FRISCO — Planet Earth may be warming steadily, but a few pockets — including right here in Colorado — have been experiencing some chilly temperatures recently.

That includes Grand Junction, Colorado, where forecasters say December 2013 is headed for an all-time record low average temperature. Through Dec. 12, the West Slope town has averaged just 12.8 degrees Fahrenheit, 1 degree colder than the previous record set in 1978.

But don’t let the local cool temps fool you — NASA data released Dec. 13 shows that, globally,  November 2013 was the hottest since 1880, pretty much when accurate record-keeping started. All three record-warm Novembers have come within the past four years, putting to rest the global warming denier myth that there’s a pause in global warming.

The early December cold snap came courtesy of an Arctic air mass that spilled into the Great Basin and the Colorado Plateau, bringing snow and subsequent temperature inversions, with a layer of very chilly air hugging the ground, trapped by a layer of warmer air above. Long nights this time of year enable plenty of radiational cooling.

Grand Junction is also on track for one of its coldest years on record. According to the National Weather Service, there’s definite potential to break the record for the coldest average annual temperature — 49.9 degrees, set back in 1912.

Starting Dec. 16, the Grand Junction National Weather Service office is also revamping the way it describes winter storm hazards, with elevation-based warnings.

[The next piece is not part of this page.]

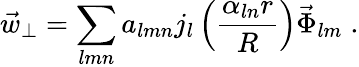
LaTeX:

The new experimental forecasts, set to start Dec. 16, will use elevation-based warnings to help people better understand the expected threat from a particular weather event.

The elevation-based warning will also apply to long-duration events, including winter storm warnings, high wind warnings and red flag fire danger warnings, but not for short-term threats like flash flood or tornado warnings.

An example of an elevation-based warning would be a winter storm warning only for elevations above the 9000 foot level within a particular mountain forecast zone.
Although the Grand Junction-area forecast zone includes elevations ranging from 7000 feet to 14,000 feet above sea level, the goal is to make it more obvious that the warning only applies to elevations above the 9000 foot level.